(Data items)
----
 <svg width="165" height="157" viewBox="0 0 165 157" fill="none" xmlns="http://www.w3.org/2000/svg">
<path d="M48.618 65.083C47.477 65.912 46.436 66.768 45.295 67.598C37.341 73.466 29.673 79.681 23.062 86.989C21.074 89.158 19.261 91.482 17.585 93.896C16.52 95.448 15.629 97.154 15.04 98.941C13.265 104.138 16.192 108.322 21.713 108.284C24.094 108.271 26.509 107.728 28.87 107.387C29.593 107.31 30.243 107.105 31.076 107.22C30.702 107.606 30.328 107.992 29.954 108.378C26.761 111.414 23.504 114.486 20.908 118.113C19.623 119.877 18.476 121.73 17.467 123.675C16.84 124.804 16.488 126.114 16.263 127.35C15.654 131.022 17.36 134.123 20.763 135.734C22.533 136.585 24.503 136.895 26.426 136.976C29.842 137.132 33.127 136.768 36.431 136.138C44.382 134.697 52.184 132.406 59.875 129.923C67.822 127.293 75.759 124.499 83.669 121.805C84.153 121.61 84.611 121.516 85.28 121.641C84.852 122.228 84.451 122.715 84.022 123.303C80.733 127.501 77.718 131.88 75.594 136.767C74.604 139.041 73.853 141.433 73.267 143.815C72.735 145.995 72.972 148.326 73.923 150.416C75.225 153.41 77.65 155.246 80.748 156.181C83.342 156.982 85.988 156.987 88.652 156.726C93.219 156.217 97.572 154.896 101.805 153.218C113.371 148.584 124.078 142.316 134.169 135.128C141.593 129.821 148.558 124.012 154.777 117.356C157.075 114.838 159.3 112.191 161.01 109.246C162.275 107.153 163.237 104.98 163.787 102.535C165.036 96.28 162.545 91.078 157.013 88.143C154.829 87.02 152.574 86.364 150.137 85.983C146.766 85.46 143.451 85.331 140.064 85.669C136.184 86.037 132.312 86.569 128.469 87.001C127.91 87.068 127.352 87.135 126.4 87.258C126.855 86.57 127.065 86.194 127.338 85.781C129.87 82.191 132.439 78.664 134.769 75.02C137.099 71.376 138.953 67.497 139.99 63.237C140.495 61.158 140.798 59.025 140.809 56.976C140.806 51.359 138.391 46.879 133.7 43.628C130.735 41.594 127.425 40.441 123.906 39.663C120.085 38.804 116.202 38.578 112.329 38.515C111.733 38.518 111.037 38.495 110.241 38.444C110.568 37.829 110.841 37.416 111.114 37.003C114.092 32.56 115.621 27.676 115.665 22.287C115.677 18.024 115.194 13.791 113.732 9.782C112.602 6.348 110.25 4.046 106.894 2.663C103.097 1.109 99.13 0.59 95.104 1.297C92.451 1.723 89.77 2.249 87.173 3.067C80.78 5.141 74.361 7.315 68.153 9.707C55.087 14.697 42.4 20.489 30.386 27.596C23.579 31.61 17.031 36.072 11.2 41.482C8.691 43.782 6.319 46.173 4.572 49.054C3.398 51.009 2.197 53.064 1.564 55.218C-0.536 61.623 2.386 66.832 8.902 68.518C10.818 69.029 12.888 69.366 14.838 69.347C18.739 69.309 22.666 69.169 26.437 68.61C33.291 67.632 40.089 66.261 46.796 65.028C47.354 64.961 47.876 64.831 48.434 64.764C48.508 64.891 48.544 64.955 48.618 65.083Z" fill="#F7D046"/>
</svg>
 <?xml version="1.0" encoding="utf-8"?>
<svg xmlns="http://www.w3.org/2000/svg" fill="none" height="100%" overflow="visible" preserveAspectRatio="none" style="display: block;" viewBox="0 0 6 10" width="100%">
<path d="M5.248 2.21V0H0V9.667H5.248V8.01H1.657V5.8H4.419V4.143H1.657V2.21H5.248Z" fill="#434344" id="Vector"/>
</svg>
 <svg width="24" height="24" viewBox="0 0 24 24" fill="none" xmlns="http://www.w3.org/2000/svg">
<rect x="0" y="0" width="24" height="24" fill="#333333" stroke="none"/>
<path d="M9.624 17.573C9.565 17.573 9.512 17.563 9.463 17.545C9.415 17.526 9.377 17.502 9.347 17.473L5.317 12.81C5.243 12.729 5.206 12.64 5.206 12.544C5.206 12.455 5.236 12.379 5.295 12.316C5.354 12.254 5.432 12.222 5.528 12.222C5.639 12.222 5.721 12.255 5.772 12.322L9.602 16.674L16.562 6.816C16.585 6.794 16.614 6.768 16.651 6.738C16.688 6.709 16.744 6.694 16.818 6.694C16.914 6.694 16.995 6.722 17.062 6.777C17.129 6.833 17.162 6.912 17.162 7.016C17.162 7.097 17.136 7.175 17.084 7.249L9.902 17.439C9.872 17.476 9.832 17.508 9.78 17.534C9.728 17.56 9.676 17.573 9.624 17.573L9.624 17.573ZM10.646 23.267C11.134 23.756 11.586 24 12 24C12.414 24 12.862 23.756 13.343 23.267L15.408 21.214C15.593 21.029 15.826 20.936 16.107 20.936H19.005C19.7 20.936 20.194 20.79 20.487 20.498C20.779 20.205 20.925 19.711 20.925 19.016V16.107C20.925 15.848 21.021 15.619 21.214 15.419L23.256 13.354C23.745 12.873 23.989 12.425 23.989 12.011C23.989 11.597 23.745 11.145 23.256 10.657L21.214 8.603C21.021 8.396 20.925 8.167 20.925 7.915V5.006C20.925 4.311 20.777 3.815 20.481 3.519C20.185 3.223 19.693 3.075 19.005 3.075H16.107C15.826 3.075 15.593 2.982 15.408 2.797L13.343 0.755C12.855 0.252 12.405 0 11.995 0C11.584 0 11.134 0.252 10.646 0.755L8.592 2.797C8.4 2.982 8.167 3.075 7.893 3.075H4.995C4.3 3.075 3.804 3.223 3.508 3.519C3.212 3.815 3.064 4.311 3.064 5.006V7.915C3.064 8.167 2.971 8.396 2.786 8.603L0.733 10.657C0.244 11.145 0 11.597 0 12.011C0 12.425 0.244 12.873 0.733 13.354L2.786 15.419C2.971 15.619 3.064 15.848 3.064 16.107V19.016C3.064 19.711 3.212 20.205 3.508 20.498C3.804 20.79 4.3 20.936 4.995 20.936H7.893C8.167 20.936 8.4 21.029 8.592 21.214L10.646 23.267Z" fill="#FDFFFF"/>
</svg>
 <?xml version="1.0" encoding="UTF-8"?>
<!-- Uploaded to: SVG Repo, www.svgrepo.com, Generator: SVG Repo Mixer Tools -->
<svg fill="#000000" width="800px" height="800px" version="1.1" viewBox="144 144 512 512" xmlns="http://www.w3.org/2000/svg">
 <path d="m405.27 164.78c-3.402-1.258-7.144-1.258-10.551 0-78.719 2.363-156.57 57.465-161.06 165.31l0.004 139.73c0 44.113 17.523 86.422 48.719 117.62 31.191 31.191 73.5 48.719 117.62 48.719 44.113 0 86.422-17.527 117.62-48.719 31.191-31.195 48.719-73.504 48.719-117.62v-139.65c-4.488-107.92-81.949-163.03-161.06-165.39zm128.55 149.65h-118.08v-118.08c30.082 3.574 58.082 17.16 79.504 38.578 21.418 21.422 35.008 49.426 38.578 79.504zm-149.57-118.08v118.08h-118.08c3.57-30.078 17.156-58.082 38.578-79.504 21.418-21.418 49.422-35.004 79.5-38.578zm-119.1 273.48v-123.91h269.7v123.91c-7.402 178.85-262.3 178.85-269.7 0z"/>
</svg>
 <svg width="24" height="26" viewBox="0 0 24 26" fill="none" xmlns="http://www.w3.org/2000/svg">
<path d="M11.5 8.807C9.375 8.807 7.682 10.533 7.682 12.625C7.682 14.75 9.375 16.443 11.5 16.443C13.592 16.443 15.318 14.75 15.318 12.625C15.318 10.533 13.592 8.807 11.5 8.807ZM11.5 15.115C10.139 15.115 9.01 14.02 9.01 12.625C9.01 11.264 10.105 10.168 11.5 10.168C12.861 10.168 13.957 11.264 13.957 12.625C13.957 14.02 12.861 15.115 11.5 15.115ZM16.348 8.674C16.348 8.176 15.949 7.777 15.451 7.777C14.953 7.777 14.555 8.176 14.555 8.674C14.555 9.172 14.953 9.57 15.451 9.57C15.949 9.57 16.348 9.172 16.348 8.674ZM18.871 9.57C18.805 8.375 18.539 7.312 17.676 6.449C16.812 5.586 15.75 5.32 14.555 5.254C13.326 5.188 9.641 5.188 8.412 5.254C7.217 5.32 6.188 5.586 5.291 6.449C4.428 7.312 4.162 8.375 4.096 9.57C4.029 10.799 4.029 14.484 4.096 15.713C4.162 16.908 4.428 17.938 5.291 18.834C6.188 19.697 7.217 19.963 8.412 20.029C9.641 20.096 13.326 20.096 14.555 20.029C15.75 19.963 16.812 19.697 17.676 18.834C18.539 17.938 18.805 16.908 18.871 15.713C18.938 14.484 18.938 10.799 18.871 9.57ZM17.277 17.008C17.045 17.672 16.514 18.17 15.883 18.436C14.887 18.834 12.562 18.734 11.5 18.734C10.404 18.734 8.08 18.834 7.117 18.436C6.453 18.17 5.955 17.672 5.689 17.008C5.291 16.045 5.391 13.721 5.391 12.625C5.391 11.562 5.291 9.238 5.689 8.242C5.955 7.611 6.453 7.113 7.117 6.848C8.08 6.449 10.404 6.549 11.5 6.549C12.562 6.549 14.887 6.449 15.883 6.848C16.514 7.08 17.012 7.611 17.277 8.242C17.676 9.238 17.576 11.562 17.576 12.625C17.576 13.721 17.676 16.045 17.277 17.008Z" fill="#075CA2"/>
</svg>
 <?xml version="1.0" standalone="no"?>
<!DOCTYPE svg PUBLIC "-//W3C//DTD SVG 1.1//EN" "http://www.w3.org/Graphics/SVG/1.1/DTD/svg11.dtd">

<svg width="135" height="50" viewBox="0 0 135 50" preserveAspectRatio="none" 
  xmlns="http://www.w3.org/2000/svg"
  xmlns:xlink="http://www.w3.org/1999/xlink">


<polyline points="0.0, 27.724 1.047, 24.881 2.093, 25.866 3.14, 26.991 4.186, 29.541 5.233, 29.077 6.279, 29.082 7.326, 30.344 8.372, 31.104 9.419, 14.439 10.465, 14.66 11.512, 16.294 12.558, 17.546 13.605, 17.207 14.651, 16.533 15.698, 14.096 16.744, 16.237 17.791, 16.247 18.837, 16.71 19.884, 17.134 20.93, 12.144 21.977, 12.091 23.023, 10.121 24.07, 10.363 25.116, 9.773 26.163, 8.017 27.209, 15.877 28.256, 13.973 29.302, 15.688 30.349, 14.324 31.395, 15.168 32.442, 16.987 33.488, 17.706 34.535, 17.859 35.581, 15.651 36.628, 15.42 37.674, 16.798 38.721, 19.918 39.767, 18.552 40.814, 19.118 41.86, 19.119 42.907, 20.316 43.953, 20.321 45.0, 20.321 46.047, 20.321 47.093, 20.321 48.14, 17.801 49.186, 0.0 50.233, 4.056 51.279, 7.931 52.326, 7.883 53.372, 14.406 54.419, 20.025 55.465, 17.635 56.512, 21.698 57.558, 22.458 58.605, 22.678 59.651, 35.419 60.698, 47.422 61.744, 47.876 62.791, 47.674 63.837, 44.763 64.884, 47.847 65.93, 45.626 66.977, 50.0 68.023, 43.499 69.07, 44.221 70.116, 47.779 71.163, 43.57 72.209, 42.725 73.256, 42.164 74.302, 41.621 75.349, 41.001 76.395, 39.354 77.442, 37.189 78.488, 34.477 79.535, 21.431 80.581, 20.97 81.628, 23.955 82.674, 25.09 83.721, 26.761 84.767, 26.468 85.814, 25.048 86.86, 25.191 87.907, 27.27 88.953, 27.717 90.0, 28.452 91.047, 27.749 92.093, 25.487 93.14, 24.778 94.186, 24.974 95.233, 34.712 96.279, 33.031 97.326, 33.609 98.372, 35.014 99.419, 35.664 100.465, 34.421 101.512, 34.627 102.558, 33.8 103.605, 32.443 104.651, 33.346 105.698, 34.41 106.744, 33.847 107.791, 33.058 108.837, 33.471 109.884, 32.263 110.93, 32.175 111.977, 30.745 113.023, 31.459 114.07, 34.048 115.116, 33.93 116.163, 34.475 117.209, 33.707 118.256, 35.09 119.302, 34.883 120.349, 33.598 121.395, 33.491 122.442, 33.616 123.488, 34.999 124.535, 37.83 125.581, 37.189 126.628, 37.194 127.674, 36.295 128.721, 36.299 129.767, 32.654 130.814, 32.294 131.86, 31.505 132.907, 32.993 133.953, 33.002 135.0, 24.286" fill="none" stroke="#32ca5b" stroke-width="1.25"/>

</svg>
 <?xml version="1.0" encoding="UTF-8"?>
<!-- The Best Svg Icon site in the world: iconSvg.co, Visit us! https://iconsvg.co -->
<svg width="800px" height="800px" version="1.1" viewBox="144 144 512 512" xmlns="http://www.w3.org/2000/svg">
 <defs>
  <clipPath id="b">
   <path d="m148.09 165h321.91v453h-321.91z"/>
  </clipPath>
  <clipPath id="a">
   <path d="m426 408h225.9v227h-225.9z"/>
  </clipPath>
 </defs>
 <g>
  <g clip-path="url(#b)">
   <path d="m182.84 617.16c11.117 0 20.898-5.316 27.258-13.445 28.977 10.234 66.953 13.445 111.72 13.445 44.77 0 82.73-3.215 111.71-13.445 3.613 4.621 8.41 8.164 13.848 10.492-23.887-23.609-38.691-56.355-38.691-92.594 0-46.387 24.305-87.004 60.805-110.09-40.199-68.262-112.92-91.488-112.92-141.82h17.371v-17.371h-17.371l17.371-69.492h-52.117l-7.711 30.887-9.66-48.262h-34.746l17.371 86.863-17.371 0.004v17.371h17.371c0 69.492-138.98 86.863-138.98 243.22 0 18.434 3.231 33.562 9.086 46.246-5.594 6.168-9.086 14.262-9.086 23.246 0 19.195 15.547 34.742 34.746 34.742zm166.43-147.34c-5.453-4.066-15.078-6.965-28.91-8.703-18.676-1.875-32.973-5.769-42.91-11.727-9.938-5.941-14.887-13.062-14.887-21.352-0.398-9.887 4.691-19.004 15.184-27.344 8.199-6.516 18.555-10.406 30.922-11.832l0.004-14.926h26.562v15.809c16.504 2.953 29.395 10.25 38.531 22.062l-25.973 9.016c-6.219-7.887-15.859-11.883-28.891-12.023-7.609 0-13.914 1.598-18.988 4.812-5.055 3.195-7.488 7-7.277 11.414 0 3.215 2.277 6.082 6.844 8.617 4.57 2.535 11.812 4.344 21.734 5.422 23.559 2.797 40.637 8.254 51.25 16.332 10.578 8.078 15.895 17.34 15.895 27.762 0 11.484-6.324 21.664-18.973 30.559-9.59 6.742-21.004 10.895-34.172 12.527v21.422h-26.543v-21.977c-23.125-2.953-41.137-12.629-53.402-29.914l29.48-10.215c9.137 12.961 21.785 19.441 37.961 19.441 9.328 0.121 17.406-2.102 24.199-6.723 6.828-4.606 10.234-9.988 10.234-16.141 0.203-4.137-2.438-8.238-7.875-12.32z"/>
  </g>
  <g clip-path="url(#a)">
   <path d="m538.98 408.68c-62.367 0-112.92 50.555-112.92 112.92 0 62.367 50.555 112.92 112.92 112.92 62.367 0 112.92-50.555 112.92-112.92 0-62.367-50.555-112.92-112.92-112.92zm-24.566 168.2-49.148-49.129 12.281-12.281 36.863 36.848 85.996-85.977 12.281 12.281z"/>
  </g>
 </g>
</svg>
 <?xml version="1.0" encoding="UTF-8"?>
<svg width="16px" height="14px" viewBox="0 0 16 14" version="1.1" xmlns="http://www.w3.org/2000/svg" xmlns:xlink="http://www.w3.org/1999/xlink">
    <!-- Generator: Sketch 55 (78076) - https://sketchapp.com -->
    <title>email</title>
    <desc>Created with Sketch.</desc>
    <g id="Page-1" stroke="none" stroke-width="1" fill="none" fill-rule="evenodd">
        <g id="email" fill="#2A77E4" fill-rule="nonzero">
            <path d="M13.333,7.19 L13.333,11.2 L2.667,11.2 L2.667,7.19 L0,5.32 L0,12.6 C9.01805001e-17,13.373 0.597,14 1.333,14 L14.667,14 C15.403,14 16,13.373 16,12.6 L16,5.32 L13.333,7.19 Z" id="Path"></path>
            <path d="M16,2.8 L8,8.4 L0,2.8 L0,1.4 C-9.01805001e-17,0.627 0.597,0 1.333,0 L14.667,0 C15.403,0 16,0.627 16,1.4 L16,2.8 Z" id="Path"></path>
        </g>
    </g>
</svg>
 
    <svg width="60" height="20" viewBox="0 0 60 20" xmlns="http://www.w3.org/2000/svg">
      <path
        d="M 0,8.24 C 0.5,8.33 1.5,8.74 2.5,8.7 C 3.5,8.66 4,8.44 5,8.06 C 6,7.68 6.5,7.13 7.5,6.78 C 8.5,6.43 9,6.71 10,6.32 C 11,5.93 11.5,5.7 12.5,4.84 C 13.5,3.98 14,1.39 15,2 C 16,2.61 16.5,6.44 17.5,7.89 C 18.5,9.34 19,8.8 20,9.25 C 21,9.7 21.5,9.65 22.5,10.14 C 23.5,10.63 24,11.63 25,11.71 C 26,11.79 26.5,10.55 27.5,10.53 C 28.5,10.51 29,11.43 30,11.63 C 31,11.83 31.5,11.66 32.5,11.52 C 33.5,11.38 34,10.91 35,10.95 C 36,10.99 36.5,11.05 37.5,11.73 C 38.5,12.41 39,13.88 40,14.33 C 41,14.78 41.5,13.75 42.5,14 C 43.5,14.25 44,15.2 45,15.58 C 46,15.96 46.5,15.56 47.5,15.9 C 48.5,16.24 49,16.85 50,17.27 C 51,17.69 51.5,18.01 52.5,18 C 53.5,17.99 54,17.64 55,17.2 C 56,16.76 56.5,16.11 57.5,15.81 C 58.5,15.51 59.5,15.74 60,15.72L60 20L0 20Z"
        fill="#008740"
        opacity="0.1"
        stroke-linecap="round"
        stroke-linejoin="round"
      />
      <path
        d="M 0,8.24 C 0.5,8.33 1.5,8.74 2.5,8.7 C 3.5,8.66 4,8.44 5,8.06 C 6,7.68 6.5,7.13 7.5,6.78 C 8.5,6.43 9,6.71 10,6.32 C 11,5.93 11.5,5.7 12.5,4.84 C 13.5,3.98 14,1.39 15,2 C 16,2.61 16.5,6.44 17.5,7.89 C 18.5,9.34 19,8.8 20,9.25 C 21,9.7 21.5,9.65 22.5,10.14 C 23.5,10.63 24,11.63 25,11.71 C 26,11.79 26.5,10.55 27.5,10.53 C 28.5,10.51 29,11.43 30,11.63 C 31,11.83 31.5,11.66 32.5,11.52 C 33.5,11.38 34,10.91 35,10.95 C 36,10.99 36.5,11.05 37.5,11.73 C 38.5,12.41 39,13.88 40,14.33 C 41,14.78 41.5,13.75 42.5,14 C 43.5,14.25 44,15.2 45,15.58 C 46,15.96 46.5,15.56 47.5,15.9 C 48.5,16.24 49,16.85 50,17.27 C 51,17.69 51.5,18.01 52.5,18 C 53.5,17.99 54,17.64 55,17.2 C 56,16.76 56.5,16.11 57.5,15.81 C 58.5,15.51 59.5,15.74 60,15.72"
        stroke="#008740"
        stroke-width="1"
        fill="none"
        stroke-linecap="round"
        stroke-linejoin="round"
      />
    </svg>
----
From the data above, copy each line that has the string "xmlns".

> _Answer to this problem_:
 <svg width="165" height="157" viewBox="0 0 165 157" fill="none" xmlns="http://www.w3.org/2000/svg">
<svg xmlns="http://www.w3.org/2000/svg" fill="none" height="100%" overflow="visible" preserveAspectRatio="none" style="display: block;" viewBox="0 0 6 10" width="100%">
 <svg width="24" height="24" viewBox="0 0 24 24" fill="none" xmlns="http://www.w3.org/2000/svg">
<svg fill="#000000" width="800px" height="800px" version="1.1" viewBox="144 144 512 512" xmlns="http://www.w3.org/2000/svg">
 <svg width="24" height="26" viewBox="0 0 24 26" fill="none" xmlns="http://www.w3.org/2000/svg">
  xmlns="http://www.w3.org/2000/svg"
  xmlns:xlink="http://www.w3.org/1999/xlink">
<svg width="800px" height="800px" version="1.1" viewBox="144 144 512 512" xmlns="http://www.w3.org/2000/svg">
<svg width="16px" height="14px" viewBox="0 0 16 14" version="1.1" xmlns="http://www.w3.org/2000/svg" xmlns:xlink="http://www.w3.org/1999/xlink">
    <svg width="60" height="20" viewBox="0 0 60 20" xmlns="http://www.w3.org/2000/svg">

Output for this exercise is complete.